ASM is a Java bytecode manipulation framework. It can be used to dynamically generate classes or enhance the functionality of existing classes. ASM can directly generate binary class files or dynamically change class behavior before the class is loaded into the Java virtual machine. Java classes are stored in strictly formatted .class files that have enough metadata to parse all elements of the class: class name, methods, properties, and Java bytecode (instructions). After ASM reads information from the class file, it can change the class behavior, analyze the class information, and even generate new classes according to user requirements.

To put it simply, javac compiles the .java file into a .class file. Although the contents of the .class file are different, they all have the same format. ASM uses the visitor mode to follow the unique format of the .class file. Scan the contents of the .class file from beginning to end. During the scanning process, you can do some operations on the .class file. It feels a bit like black technology.

2. Java bytecode & virtual machine

2.1 Java Bytecode

When it comes to Java bytecode, many people may not be very familiar with it. They probably know that javac can be used to compile a .java file into a .class file. The .class file stores the bytecode content corresponding to the .java file, such as The following Demo.java code is very simple:

package com.lijiankun24.classpractice;

public class Demo {

    private int m;

    public int inc() {
        return m + 1;
    }
}

Compile and generate the corresponding Demo.class file through javac, and use a plain text file to open Demo.class. The content is a binary stream based on 8-bit bytes. On the surface, it is composed of hexadecimal symbols. A long string of hexadecimal symbols complies with the Java Virtual Machine specification

cafe babe 0000 0034 0013 0a00 0400 0f09
0003 0010 0700 1107 0012 0100 016d 0100
0149 0100 063c 696e 6974 3e01 0003 2829
5601 0004 436f 6465 0100 0f4c 696e 654e
756d 6265 7254 6162 6c65 0100 0369 6e63
0100 0328 2949 0100 0a53 6f75 7263 6546
696c 6501 0009 4465 6d6f 2e6a 6176 610c
0007 0008 0c00 0500 0601 0004 4465 6d6f
0100 106a 6176 612f 6c61 6e67 2f4f 626a
6563 7400 2100 0300 0400 0000 0100 0200
0500 0600 0000 0200 0100 0700 0800 0100
0900 0000 1d00 0100 0100 0000 052a b700
01b1 0000 0001 000a 0000 0006 0001 0000
0001 0001 000b 000c 0001 0009 0000 001f
0002 0001 0000 0007 2ab4 0002 0460 ac00
0000 0100 0a00 0000 0600 0100 0000 0600
0100 0d00 0000 0200 0e

If you then use javap -verbose Demo.class to view the contents of the Demo.class, as shown below

From the picture above, we can see that the .class file mainly contains constant pool, field table, method table and attribute table. How to analyze the contents of the constant pool and method table from the binary stream based on 8-bit bytes? This article has a detailed introduction to understanding the bytecode structure of .class files. This article uses a simple example to analyze the .class files represented by hexadecimal conformance step by step.

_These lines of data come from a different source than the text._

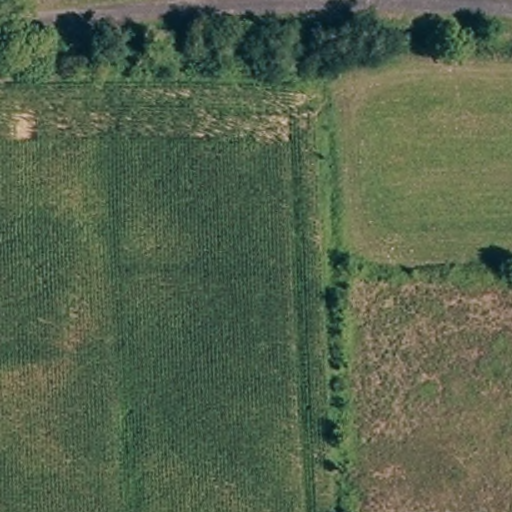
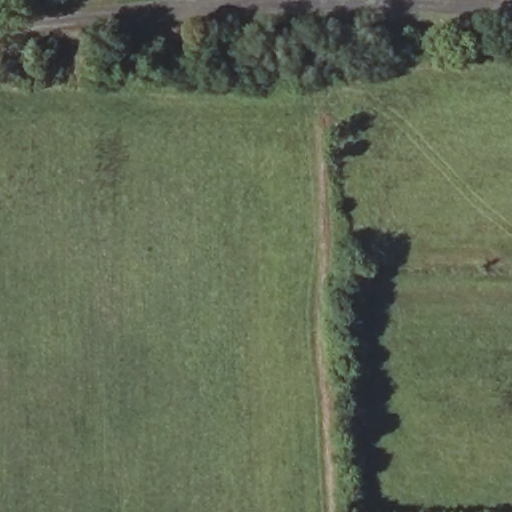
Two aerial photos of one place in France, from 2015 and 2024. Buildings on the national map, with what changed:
[]

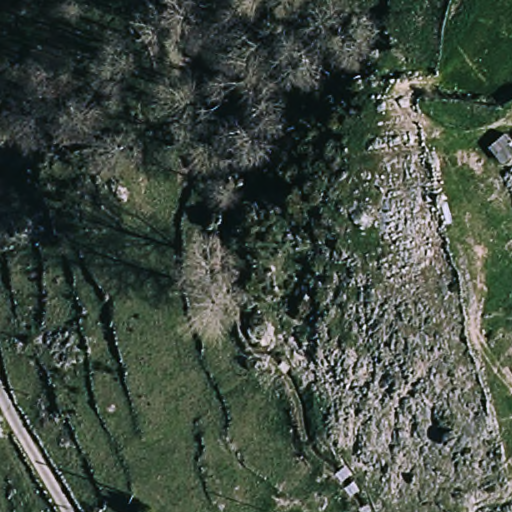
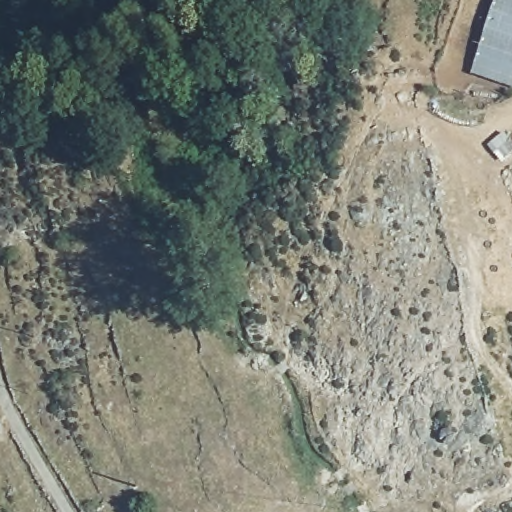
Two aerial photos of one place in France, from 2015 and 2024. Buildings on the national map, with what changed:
new [(512,0),(512,88),(471,74),(494,0),(512,0)]
unchanged [(512,143),(512,157),(502,166),(487,147),(504,134),(512,143)]

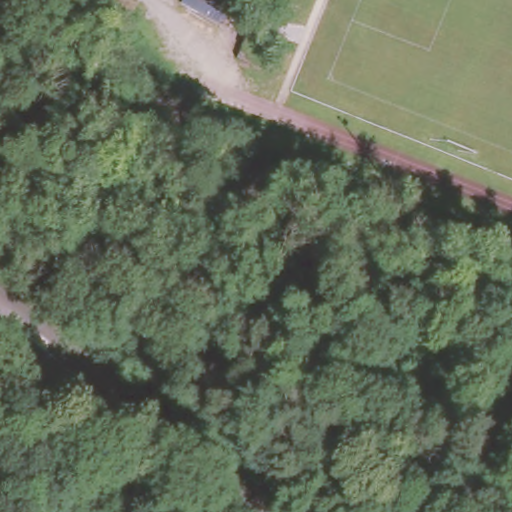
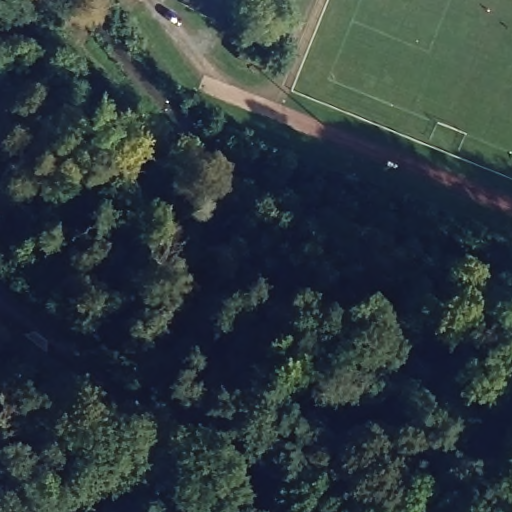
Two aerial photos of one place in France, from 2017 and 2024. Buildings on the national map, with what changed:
unchanged [(202,0),(231,15),(223,28),(184,7),(188,0),(202,0)]
unchanged [(248,34),(278,45),(268,70),(238,59),(248,34)]

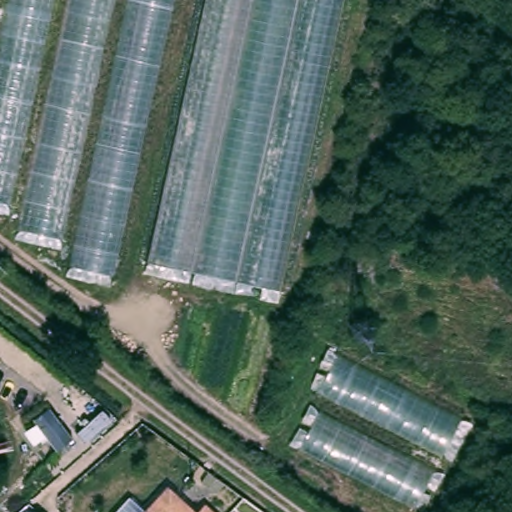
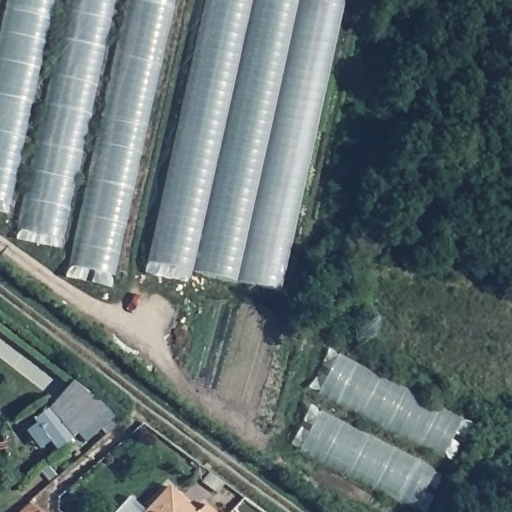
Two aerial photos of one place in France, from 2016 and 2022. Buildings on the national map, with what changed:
unchanged [(16,230),(22,205),(0,201),(0,0),(178,0),(115,277),(77,270),(82,237),(16,230)]
unchanged [(342,0),(280,293),(145,264),(204,0),(342,0)]
unchanged [(322,397),(312,392),(337,350),(470,422),(420,509),(295,446),(322,397)]
new [(49,408),(72,382),(114,416),(85,442),(78,434),(56,450),(50,441),(39,449),(26,431),(35,424),(33,420),(49,408)]
unchanged [(193,512),(143,512),(167,488),(193,512)]
unchanged [(206,506),(212,512),(200,512),(206,506)]

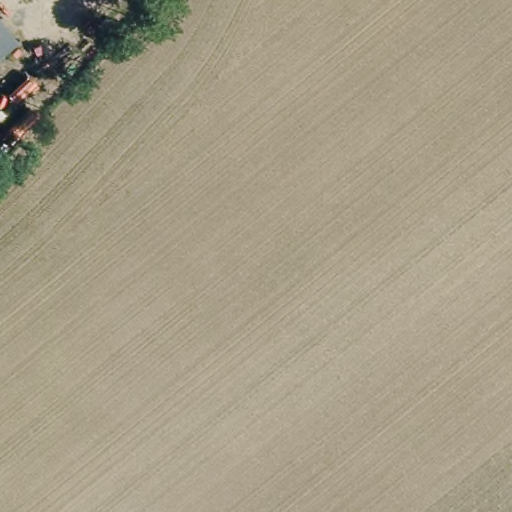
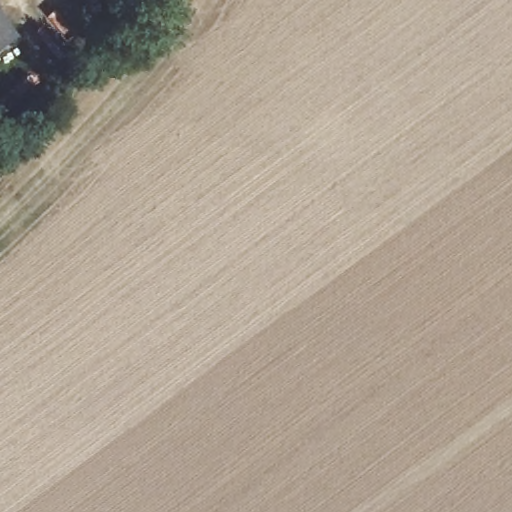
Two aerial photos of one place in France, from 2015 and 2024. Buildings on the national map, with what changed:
unchanged [(0,53),(0,22),(14,40),(0,53)]

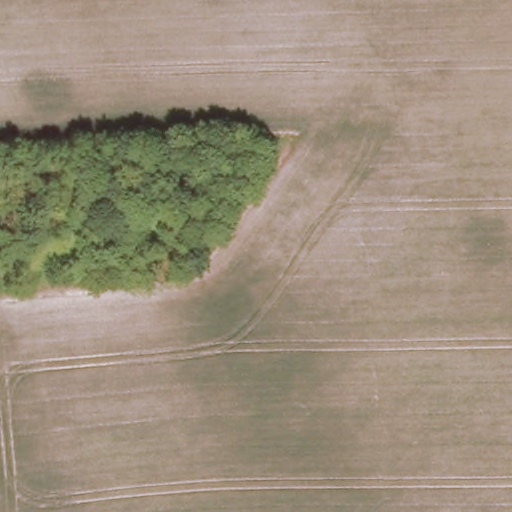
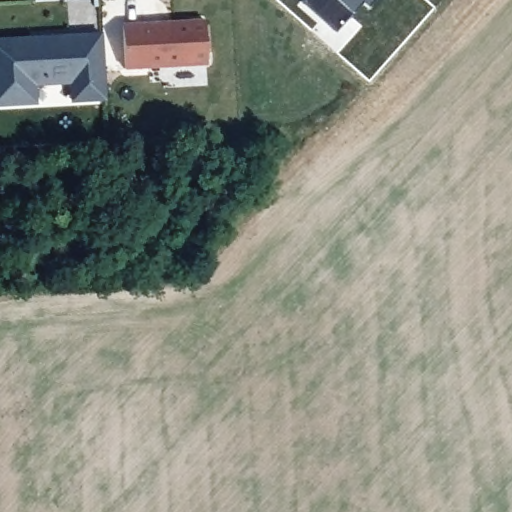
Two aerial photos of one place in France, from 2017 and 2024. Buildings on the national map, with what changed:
new [(301,1),(302,0),(374,0),(367,7),(364,2),(353,13),(335,34),(301,1)]
new [(207,63),(124,67),(121,24),(204,20),(207,63)]
new [(105,96),(73,98),(71,79),(31,81),(33,100),(0,103),(0,41),(29,40),(29,46),(39,45),(39,40),(68,39),(68,37),(101,35),(105,96)]

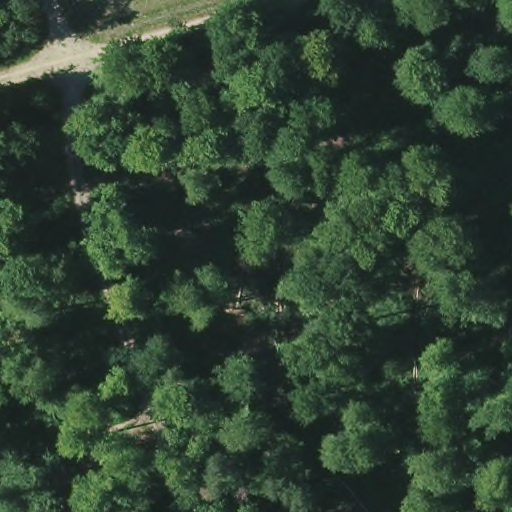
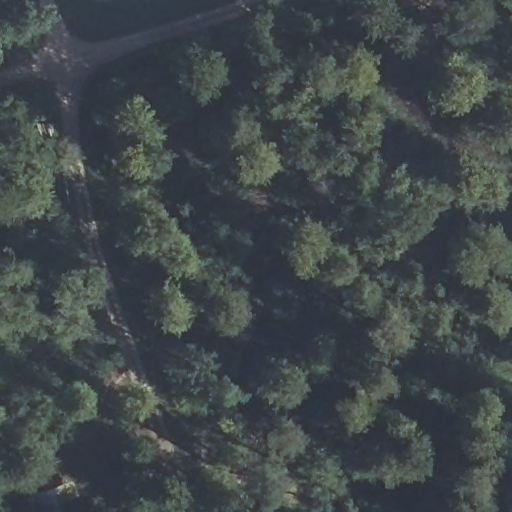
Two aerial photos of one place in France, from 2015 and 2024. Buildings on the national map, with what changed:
unchanged [(52,512),(33,512),(26,491),(48,482),(59,511),(52,512)]

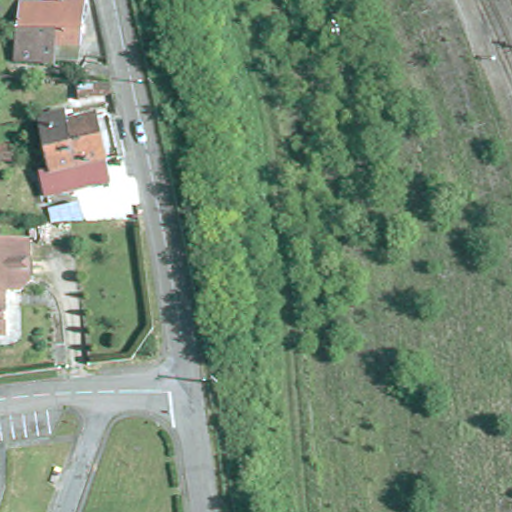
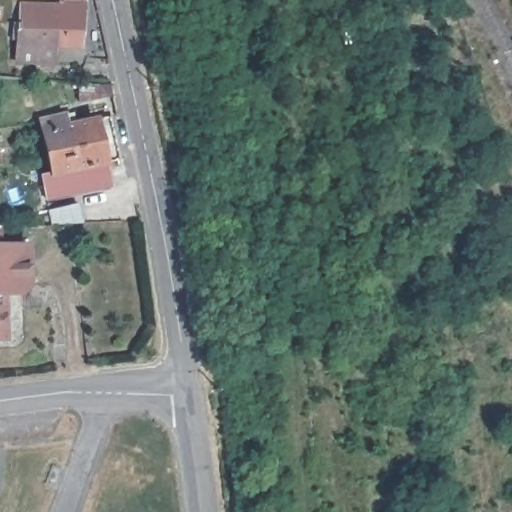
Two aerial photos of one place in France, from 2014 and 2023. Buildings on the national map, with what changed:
unchanged [(59,8),(59,4),(83,6),(81,50),(19,45),(22,5),(59,8)]
unchanged [(54,120),(57,131),(100,121),(110,162),(94,166),(99,186),(37,200),(30,179),(39,176),(26,127),(54,120)]
unchanged [(84,218),(53,219),(50,206),(77,202),(84,218)]
unchanged [(107,218),(102,218),(102,207),(129,207),(129,218),(107,218)]
unchanged [(0,342),(0,229),(4,229),(4,247),(33,247),(35,286),(23,296),(8,296),(8,308),(8,342),(0,342)]

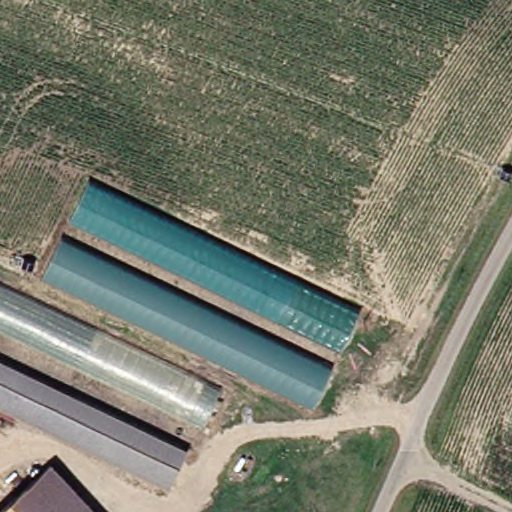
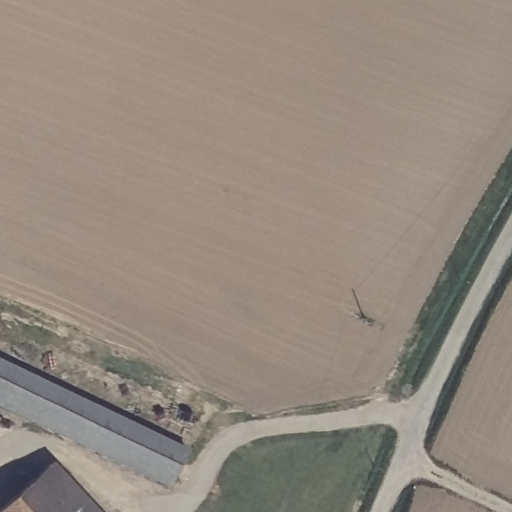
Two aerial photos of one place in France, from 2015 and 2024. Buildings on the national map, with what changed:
demolished [(363,302),(315,400),(44,271),(90,171),(363,302)]
demolished [(202,424),(0,325),(0,281),(221,385),(202,424)]
unchanged [(189,445),(170,482),(0,401),(0,356),(189,445)]
unchanged [(100,512),(0,512),(0,510),(49,461),(100,512)]

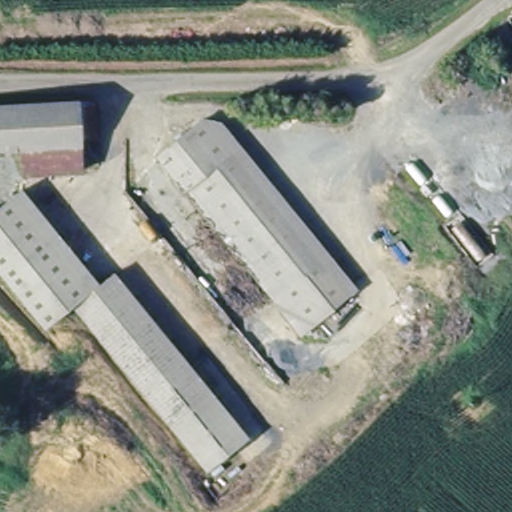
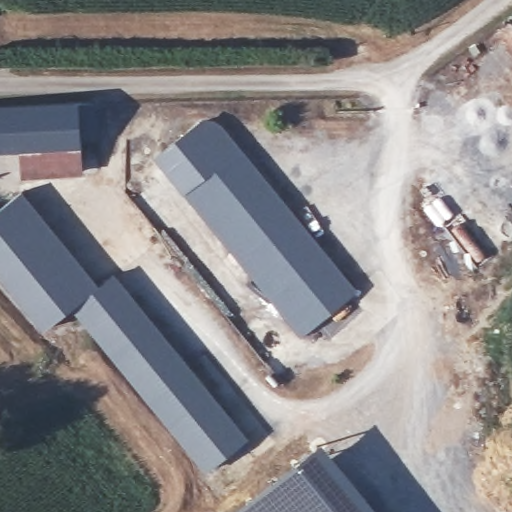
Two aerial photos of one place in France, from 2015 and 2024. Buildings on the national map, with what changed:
unchanged [(354,290),(299,330),(195,190),(155,138),(209,97),(239,139),(354,290)]
unchanged [(85,119),(88,144),(72,145),(74,170),(19,175),(18,151),(0,152),(0,107),(84,101),(85,119)]
unchanged [(97,280),(113,269),(121,280),(238,425),(247,435),(205,469),(84,318),(71,302),(54,316),(41,326),(13,291),(0,276),(0,202),(20,185),(36,205),(97,280)]
new [(274,482),(322,441),(342,464),(335,470),(364,500),(366,497),(379,512),(236,512),(274,482)]

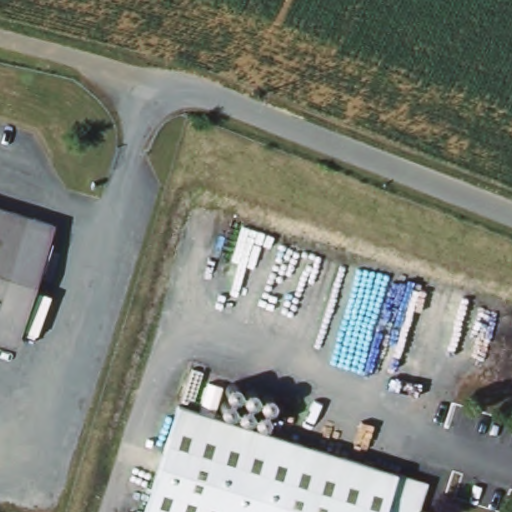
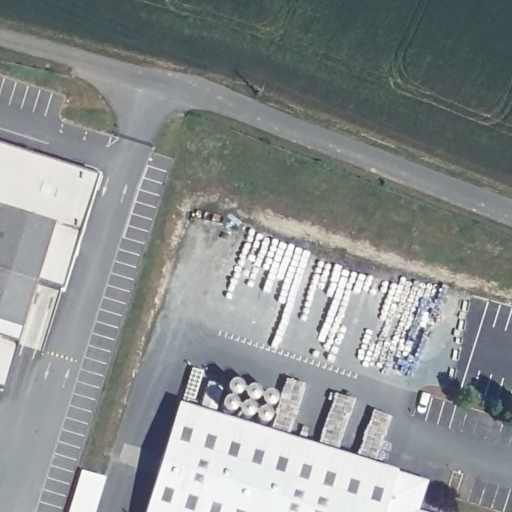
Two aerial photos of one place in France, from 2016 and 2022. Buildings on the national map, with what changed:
new [(0,208),(0,147),(96,177),(61,290),(36,282),(55,226),(0,208)]
unchanged [(18,340),(0,334),(0,208),(55,226),(18,340)]
new [(1,390),(0,389),(0,334),(18,340),(1,390)]
unchanged [(433,483),(423,512),(149,512),(183,405),(433,483)]

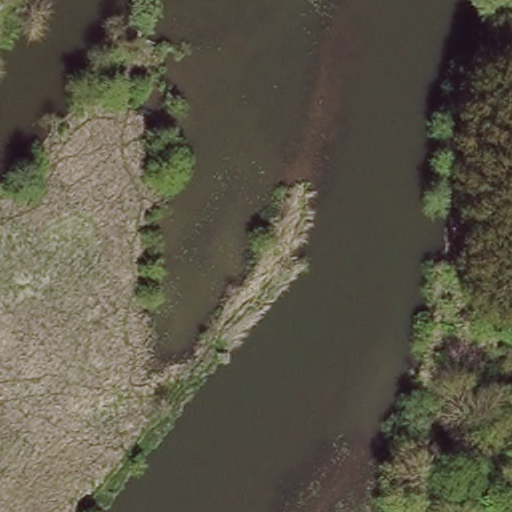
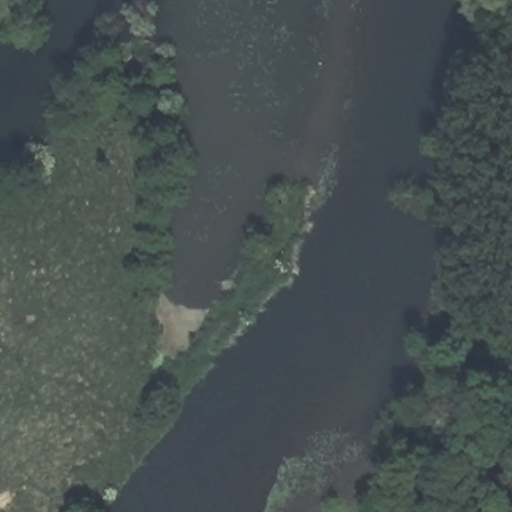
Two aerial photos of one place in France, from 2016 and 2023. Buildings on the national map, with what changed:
[]

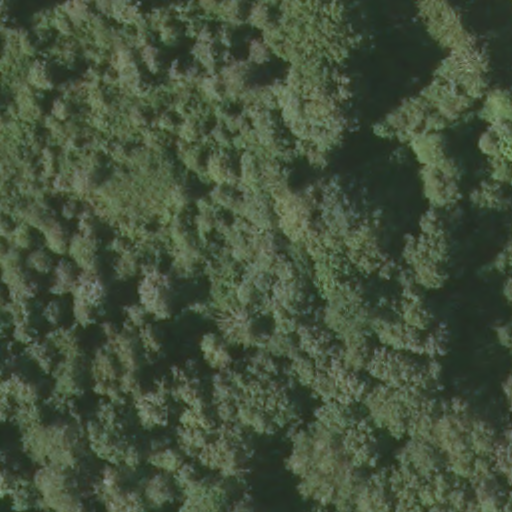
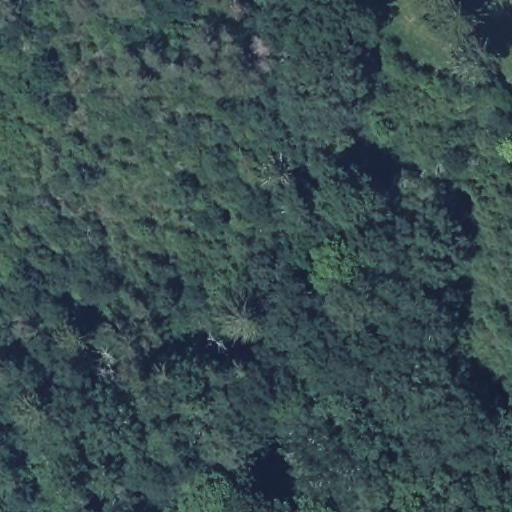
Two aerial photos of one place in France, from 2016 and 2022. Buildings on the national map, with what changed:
unchanged [(512,5),(510,0),(512,0),(512,5)]

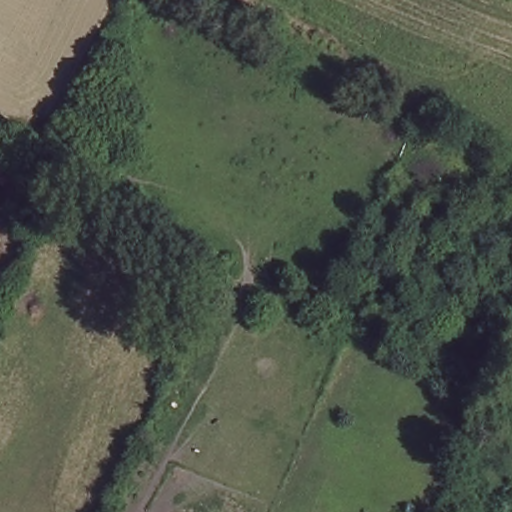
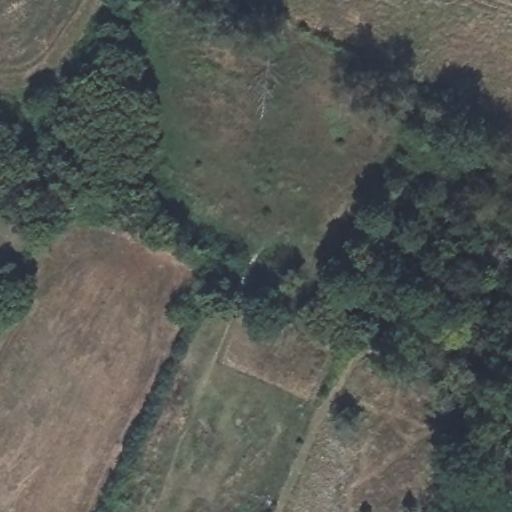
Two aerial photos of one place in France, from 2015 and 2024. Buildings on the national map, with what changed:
[]

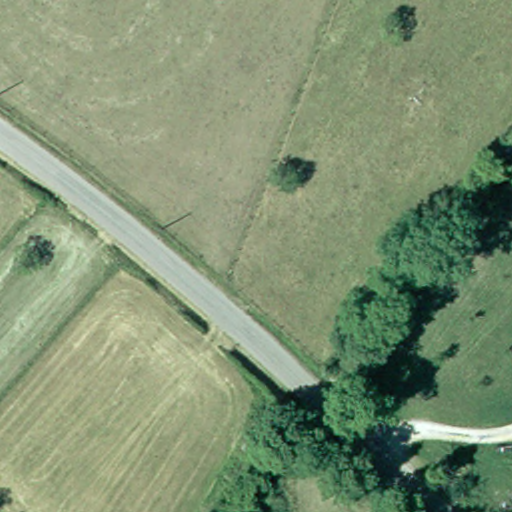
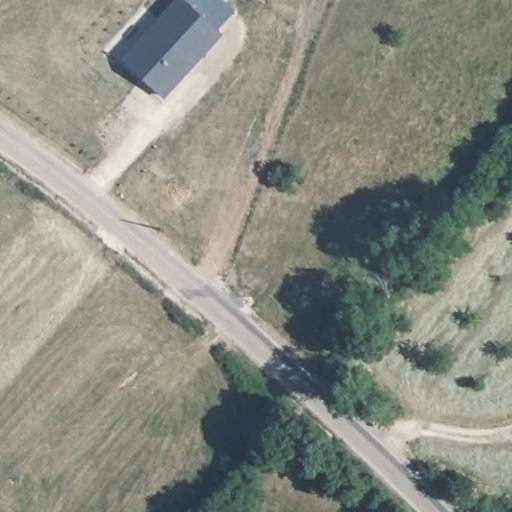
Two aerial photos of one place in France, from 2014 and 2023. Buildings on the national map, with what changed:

2.2 Java virtual machine class loading mechanism

The above section introduces the structure of the .class file, but the .class file is static. It will eventually be loaded by the virtual machine before it can be executed. So the question is, when will the .class file be loaded?

Generally speaking, a .class file contains a Java class, and .class files and Java classes are closely related. When talking about the loading timing of .class files, we have to mention the life cycle of Java classes. Everyone must know that the life cycle of a Java class includes loading, verification, preparation, parsing, There are seven steps of initialization, use, and uninstall. The Java virtual machine specification does not stipulate the loading timing of Java classes, but However, it stipulates the timing of initialization of Java classes, and loading must be before initialization, so it can also be said to indirectly stipulate the loading of .class files. timing.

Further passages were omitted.